Dataset items:
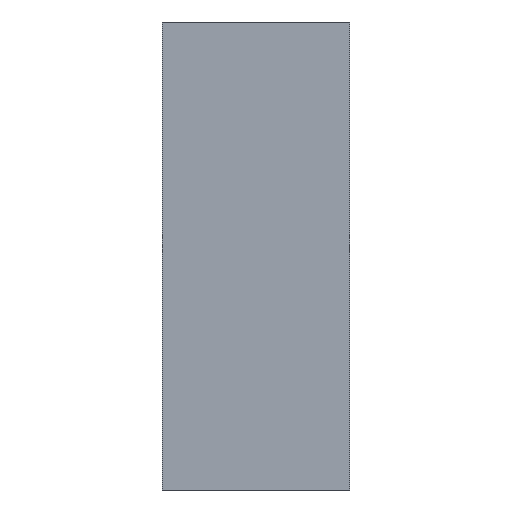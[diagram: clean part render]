
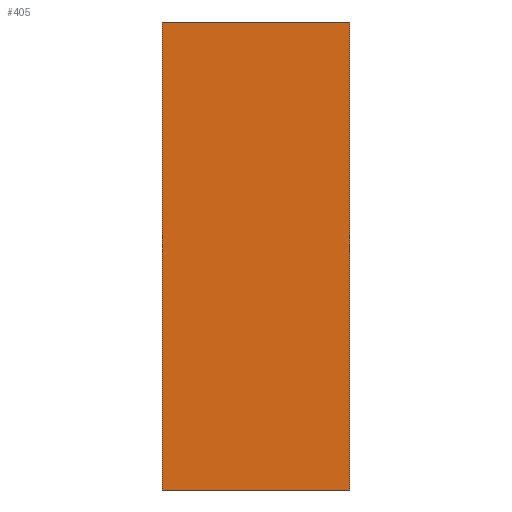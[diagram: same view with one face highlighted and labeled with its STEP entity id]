
A CAD part, left-side view. The second image highlights one B-rep face of the part: STEP entity #405.
In plain terms, the highlighted planar face has unit normal (-1, 0, 0).
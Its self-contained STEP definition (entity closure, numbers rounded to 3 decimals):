
#18 = VERTEX_POINT ( 'NONE', #388 ) ;
#66 = VECTOR ( 'NONE', #131, 1000. ) ;
#71 = VERTEX_POINT ( 'NONE', #507 ) ;
#88 = CARTESIAN_POINT ( 'NONE',  ( -3.5, 0.4, -1. ) ) ;
#131 = DIRECTION ( 'NONE',  ( 0., 0., 1. ) ) ;
#195 = DIRECTION ( 'NONE',  ( 1., 0., 0. ) ) ;
#196 = ORIENTED_EDGE ( 'NONE', *, *, #655, .F. ) ;
#198 = LINE ( 'NONE', #677, #66 ) ;
#229 = VECTOR ( 'NONE', #239, 1000. ) ;
#236 = EDGE_LOOP ( 'NONE', ( #879, #196, #584, #965 ) ) ;
#239 = DIRECTION ( 'NONE',  ( 0., -1., 0. ) ) ;
#278 = VECTOR ( 'NONE', #822, 1000. ) ;
#304 = LINE ( 'NONE', #88, #229 ) ;
#340 = PLANE ( 'NONE',  #943 ) ;
#388 = CARTESIAN_POINT ( 'NONE',  ( -3.5, -0.4, -1. ) ) ;
#401 = CARTESIAN_POINT ( 'NONE',  ( -3.5, 0.4, -1. ) ) ;
#405 = ADVANCED_FACE ( 'NONE', ( #843 ), #340, .F. ) ;
#441 = EDGE_CURVE ( 'NONE', #18, #71, #198, .T. ) ;
#472 = LINE ( 'NONE', #984, #278 ) ;
#490 = EDGE_CURVE ( 'NONE', #922, #18, #304, .T. ) ;
#491 = EDGE_CURVE ( 'NONE', #922, #743, #818, .T. ) ;
#507 = CARTESIAN_POINT ( 'NONE',  ( -3.5, -0.4, 1. ) ) ;
#522 = DIRECTION ( 'NONE',  ( 0., 0., -1. ) ) ;
#584 = ORIENTED_EDGE ( 'NONE', *, *, #491, .F. ) ;
#615 = CARTESIAN_POINT ( 'NONE',  ( -3.5, 0.4, -1. ) ) ;
#631 = VECTOR ( 'NONE', #953, 1000. ) ;
#655 = EDGE_CURVE ( 'NONE', #743, #71, #472, .T. ) ;
#677 = CARTESIAN_POINT ( 'NONE',  ( -3.5, -0.4, -1. ) ) ;
#734 = CARTESIAN_POINT ( 'NONE',  ( -3.5, 0.4, -1. ) ) ;
#743 = VERTEX_POINT ( 'NONE', #766 ) ;
#766 = CARTESIAN_POINT ( 'NONE',  ( -3.5, 0.4, 1. ) ) ;
#818 = LINE ( 'NONE', #401, #631 ) ;
#822 = DIRECTION ( 'NONE',  ( 0., -1., 0. ) ) ;
#843 = FACE_OUTER_BOUND ( 'NONE', #236, .T. ) ;
#879 = ORIENTED_EDGE ( 'NONE', *, *, #441, .T. ) ;
#922 = VERTEX_POINT ( 'NONE', #734 ) ;
#943 = AXIS2_PLACEMENT_3D ( 'NONE', #615, #195, #522 ) ;
#953 = DIRECTION ( 'NONE',  ( 0., 0., 1. ) ) ;
#965 = ORIENTED_EDGE ( 'NONE', *, *, #490, .T. ) ;
#984 = CARTESIAN_POINT ( 'NONE',  ( -3.5, 0.4, 1. ) ) ;

Action item:
Return every line above word for word, minus images.

Exercise answer:
[diagram: clean part render]
[diagram: same view with one face highlighted and labeled with its STEP entity id]
A CAD part, left-side view. The second image highlights one B-rep face of the part: STEP entity #405.
In plain terms, the highlighted planar face has unit normal (-1, 0, 0).
Its self-contained STEP definition (entity closure, numbers rounded to 3 decimals):
#18 = VERTEX_POINT ( 'NONE', #388 ) ;
#66 = VECTOR ( 'NONE', #131, 1000. ) ;
#71 = VERTEX_POINT ( 'NONE', #507 ) ;
#88 = CARTESIAN_POINT ( 'NONE',  ( -3.5, 0.4, -1. ) ) ;
#131 = DIRECTION ( 'NONE',  ( 0., 0., 1. ) ) ;
#195 = DIRECTION ( 'NONE',  ( 1., 0., 0. ) ) ;
#196 = ORIENTED_EDGE ( 'NONE', *, *, #655, .F. ) ;
#198 = LINE ( 'NONE', #677, #66 ) ;
#229 = VECTOR ( 'NONE', #239, 1000. ) ;
#236 = EDGE_LOOP ( 'NONE', ( #879, #196, #584, #965 ) ) ;
#239 = DIRECTION ( 'NONE',  ( 0., -1., 0. ) ) ;
#278 = VECTOR ( 'NONE', #822, 1000. ) ;
#304 = LINE ( 'NONE', #88, #229 ) ;
#340 = PLANE ( 'NONE',  #943 ) ;
#388 = CARTESIAN_POINT ( 'NONE',  ( -3.5, -0.4, -1. ) ) ;
#401 = CARTESIAN_POINT ( 'NONE',  ( -3.5, 0.4, -1. ) ) ;
#405 = ADVANCED_FACE ( 'NONE', ( #843 ), #340, .F. ) ;
#441 = EDGE_CURVE ( 'NONE', #18, #71, #198, .T. ) ;
#472 = LINE ( 'NONE', #984, #278 ) ;
#490 = EDGE_CURVE ( 'NONE', #922, #18, #304, .T. ) ;
#491 = EDGE_CURVE ( 'NONE', #922, #743, #818, .T. ) ;
#507 = CARTESIAN_POINT ( 'NONE',  ( -3.5, -0.4, 1. ) ) ;
#522 = DIRECTION ( 'NONE',  ( 0., 0., -1. ) ) ;
#584 = ORIENTED_EDGE ( 'NONE', *, *, #491, .F. ) ;
#615 = CARTESIAN_POINT ( 'NONE',  ( -3.5, 0.4, -1. ) ) ;
#631 = VECTOR ( 'NONE', #953, 1000. ) ;
#655 = EDGE_CURVE ( 'NONE', #743, #71, #472, .T. ) ;
#677 = CARTESIAN_POINT ( 'NONE',  ( -3.5, -0.4, -1. ) ) ;
#734 = CARTESIAN_POINT ( 'NONE',  ( -3.5, 0.4, -1. ) ) ;
#743 = VERTEX_POINT ( 'NONE', #766 ) ;
#766 = CARTESIAN_POINT ( 'NONE',  ( -3.5, 0.4, 1. ) ) ;
#818 = LINE ( 'NONE', #401, #631 ) ;
#822 = DIRECTION ( 'NONE',  ( 0., -1., 0. ) ) ;
#843 = FACE_OUTER_BOUND ( 'NONE', #236, .T. ) ;
#879 = ORIENTED_EDGE ( 'NONE', *, *, #441, .T. ) ;
#922 = VERTEX_POINT ( 'NONE', #734 ) ;
#943 = AXIS2_PLACEMENT_3D ( 'NONE', #615, #195, #522 ) ;
#953 = DIRECTION ( 'NONE',  ( 0., 0., 1. ) ) ;
#965 = ORIENTED_EDGE ( 'NONE', *, *, #490, .T. ) ;
#984 = CARTESIAN_POINT ( 'NONE',  ( -3.5, 0.4, 1. ) ) ;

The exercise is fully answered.